When i say strange i mean: its length kept changing in every generation,
moreover it is fully filled with data. At first this scared me, cause i
thought Terminate protection was a real uncrackable one. This is why i decided
to figure out all of it on my own.
Now, that i got my generator, i ask me why UCF has used a so garbled prog...

THE SECOND AND DECISIVE APPROACH...
At the end of my first approach i got a registered Terminate 5.0, with my
perfect data. But in my testing session i came upon the TerMail program,
that relies on a good terminat.key. This one could also be an old 4.0 version,
cause no version checking is done, but we have not legally obtained the one
we got (remember we are using the UCF generated one). So, this is time to
start our real cracking project, to obtain our personal key-generator !!!
If, trying to understand this, you'll get swamped, don't worry. All the work
you can read here was done in 15 days (about 130 hours), without counting time
spent in the first approach... This means that at the end you will know
the routine you are dwelling in very well. Moreover, i'll not explain how
i figured out the program working, cause that was only a tracing work.
This was the hard part, but cannot be reproduced here: you should only try
it on yourself (this depends on your intuition and luck, not anymore: it can
take you 5 hours, or a month...) You must be patient and well determined to
accomplish this part; probably this is where a good cracker will distinguish
himself from an occasional one. What i can give here is only an advice:
when tracing a large routine like this one, remember to keep your attack at
different levels. The protection routine is written using a high level
language, so you will probably find many calls not really involved with what
you are studying. This means you must at first study it without tracing into
sub-calls, just to avoid to get lost in code guts. When you'll be knowing
all of the main loop, understanding where all relevant jumps are, you can
study it on deeper range.

SOME NOTES:
- when you know where our routine is, you can get the first ten bytes out of
  it, and calculating its length, you are able to find it in terminat.exe.

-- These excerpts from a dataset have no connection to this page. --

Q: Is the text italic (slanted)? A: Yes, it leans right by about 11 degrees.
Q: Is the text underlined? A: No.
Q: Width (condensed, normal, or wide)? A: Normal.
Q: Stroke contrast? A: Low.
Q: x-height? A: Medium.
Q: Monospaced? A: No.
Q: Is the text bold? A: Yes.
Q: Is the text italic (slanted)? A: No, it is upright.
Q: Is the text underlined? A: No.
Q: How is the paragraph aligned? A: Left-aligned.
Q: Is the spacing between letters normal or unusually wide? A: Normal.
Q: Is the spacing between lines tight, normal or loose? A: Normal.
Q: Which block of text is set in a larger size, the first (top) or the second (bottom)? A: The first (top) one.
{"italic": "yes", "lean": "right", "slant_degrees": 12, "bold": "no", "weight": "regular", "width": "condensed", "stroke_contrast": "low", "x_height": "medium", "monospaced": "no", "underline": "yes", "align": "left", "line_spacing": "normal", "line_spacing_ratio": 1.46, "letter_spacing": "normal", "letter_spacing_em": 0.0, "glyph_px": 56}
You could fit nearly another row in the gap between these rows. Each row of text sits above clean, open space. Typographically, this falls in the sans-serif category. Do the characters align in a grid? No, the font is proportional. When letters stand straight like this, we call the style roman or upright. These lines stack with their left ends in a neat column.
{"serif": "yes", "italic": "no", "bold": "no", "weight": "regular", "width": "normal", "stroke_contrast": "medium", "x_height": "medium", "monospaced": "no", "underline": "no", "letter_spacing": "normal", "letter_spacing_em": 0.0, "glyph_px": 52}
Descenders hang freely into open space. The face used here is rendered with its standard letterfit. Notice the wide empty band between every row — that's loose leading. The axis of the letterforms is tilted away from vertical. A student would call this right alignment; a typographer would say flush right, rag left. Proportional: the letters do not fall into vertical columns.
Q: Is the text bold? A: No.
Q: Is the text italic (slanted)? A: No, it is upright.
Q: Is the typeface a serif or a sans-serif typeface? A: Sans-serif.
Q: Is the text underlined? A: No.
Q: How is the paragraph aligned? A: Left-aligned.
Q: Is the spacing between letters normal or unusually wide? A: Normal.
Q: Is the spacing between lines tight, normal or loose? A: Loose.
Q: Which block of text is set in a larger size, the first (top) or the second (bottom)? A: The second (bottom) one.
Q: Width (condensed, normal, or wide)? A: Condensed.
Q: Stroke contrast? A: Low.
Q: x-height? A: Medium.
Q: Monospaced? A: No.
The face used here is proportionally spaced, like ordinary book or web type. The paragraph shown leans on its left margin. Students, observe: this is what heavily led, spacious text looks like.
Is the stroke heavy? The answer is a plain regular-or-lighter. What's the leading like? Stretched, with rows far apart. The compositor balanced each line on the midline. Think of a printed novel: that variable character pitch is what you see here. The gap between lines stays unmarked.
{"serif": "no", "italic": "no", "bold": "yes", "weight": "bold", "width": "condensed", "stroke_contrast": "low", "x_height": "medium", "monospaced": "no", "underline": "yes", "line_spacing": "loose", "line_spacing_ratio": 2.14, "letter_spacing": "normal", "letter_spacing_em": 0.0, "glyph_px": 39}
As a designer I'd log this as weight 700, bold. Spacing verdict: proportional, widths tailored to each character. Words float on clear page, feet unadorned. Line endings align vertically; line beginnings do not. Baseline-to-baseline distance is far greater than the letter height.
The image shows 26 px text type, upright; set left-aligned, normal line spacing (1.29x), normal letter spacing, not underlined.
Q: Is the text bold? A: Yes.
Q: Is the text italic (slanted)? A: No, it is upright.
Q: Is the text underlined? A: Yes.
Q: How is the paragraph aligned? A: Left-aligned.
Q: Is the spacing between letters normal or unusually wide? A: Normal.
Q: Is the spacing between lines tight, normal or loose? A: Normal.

  This is the process i used to obtain an IDA disassembly; i select bytes
  belonging to our routine using HexWorkshop, then i saved them in a
  routine.bin file.  This will be easily (and speedily) disassembled by IDA.
  (Obviously IDA cannot understand the EXE relocation, cause we have stripped
  it, but we are working on this dead listing only for the educative part,
  so we just know enough of the code to understand the hell out of it)

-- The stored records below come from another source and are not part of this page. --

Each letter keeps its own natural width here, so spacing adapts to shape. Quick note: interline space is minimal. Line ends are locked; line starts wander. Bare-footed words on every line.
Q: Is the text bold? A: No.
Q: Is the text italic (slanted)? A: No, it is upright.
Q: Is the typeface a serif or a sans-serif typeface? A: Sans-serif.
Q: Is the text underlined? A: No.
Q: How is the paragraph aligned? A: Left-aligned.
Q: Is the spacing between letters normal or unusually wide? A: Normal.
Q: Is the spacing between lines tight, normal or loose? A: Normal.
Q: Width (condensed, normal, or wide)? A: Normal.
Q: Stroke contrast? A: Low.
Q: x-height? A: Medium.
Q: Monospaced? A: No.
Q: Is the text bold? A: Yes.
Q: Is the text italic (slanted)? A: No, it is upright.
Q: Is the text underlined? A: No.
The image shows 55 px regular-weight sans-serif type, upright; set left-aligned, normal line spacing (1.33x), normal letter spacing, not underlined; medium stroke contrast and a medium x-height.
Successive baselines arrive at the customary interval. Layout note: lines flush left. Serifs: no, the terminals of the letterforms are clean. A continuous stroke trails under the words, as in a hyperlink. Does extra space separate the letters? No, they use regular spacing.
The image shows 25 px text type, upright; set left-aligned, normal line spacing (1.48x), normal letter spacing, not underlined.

- i think Terminate has too many back-doors:
  even if the key-file based protection is in some way the most advanced
  i've ever seen (for encryption and CRC code) contains many points where
  you can patch the code if you cannot understand its inner meaning.

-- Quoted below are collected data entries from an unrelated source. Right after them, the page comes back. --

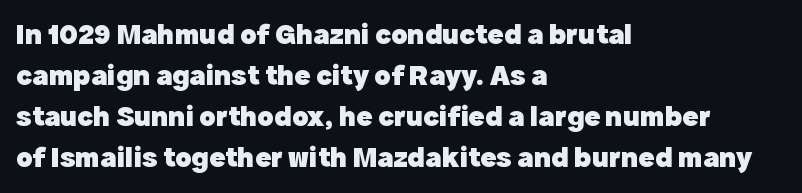
These lines are rendered in a variable-pitch font. Any mark beneath the type? The region is blank. The rendering uses a bold face; every stroke is thick and dark. The lines in this sample share a left origin and differ only in where they stop. Do the letters lean? They stand straight.
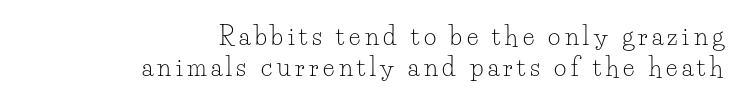
{"italic": "no", "bold": "no", "underline": "no", "align": "right", "line_spacing": "normal", "line_spacing_ratio": 1.29, "glyph_px": 24}
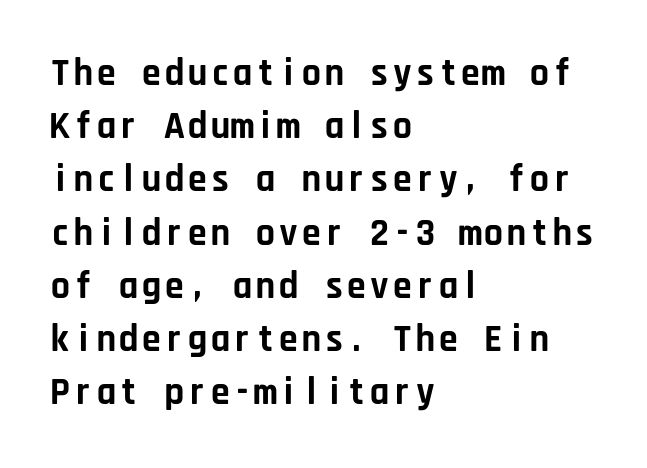
{"serif": "no", "italic": "no", "bold": "yes", "weight": "bold", "width": "normal", "stroke_contrast": "low", "x_height": "large", "monospaced": "yes", "underline": "no", "align": "left", "line_spacing": "normal", "line_spacing_ratio": 1.4, "letter_spacing": "normal", "letter_spacing_em": 0.0, "glyph_px": 38}
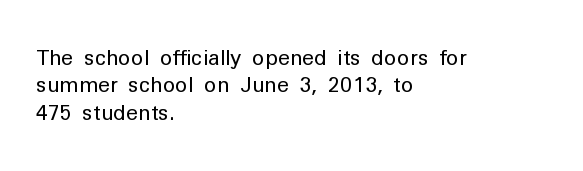
{"italic": "no", "bold": "no", "underline": "no", "align": "left", "line_spacing": "normal", "line_spacing_ratio": 1.3, "letter_spacing": "normal", "letter_spacing_em": 0.0, "glyph_px": 21}
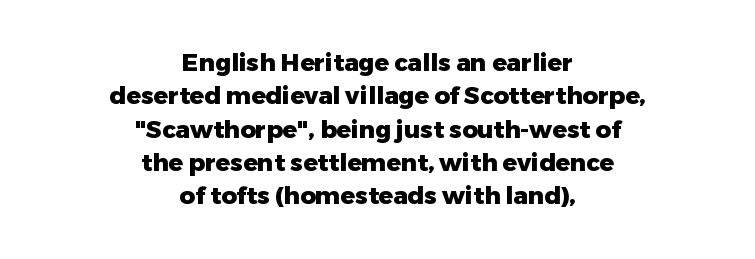
{"italic": "no", "bold": "yes", "underline": "no", "align": "center", "line_spacing": "normal", "line_spacing_ratio": 1.39, "letter_spacing": "normal", "letter_spacing_em": 0.0, "glyph_px": 24}
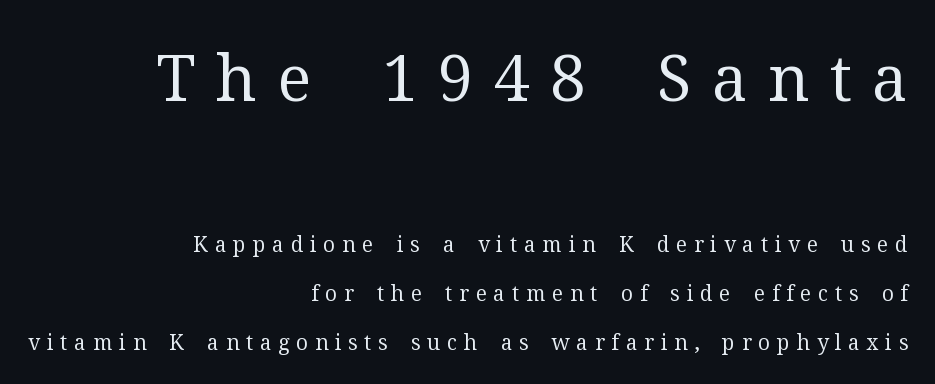
Q: Is the text bold? A: No.
Q: Is the text italic (slanted)? A: No, it is upright.
Q: Is the typeface a serif or a sans-serif typeface? A: Serif.
Q: Is the text underlined? A: No.
Q: How is the paragraph aligned? A: Right-aligned.
Q: Is the spacing between letters normal or unusually wide? A: Unusually wide.
Q: Is the spacing between lines tight, normal or loose? A: Loose.
Q: Which block of text is set in a larger size, the first (top) or the second (bottom)? A: The first (top) one.
Q: Width (condensed, normal, or wide)? A: Normal.
Q: Stroke contrast? A: Medium.
Q: x-height? A: Medium.
Q: Monospaced? A: No.

- the routine is rather long, and you'll get in a real mess if you try to
  understand all of it. This is particularly due to the fact we have many
  fake calls (generated by the high level compiler) that are of no
  importance for the protection.
- when terminat.exe finds a good key and do its own inner checks, don't find
  any patch i've tried. So the auto CRC checking routine is in some way weak.
- if you want obtain a dead listing of decryption/CRC checking (but not the
  version 4.0 check) you can disassemble the INSTALL.EXE program from the
  original zip file. This reads a key if it finds one, and do some checks on
  it. Install.exe is a small exe, so easy to be disassembled (it is packed
  with LZexe 91, unpacked by UNP or another unpacker...)
- Terminate do some strange byte checking on the key-file, to see if it finds
  particular bytes in some location. Some of these bytes produces very
  interesting messages (like the version 4.0 illegal key), but all went ok
  if you don't mind of them and set all the key-file equal to 00. However,
  this can lead to a problem: if some of these bytes must be there, i have
  ignored them, and in a future version this could reject my key...

A DISCURSIVE EXPLANATION OF THE PROTECTION
Cause this protection is large, i'm giving a panoramic view of it. Besides,
i'm writing this doc about ten days after i've ended the project. Obviously in
this doc i'm not describing all steps those led me to a complete understanding
of the program, cause this is the part where you must try, seek, go back,
be in despair, think and go sleepless...
When you run Terminate, this will look for a terminat.key in its directory.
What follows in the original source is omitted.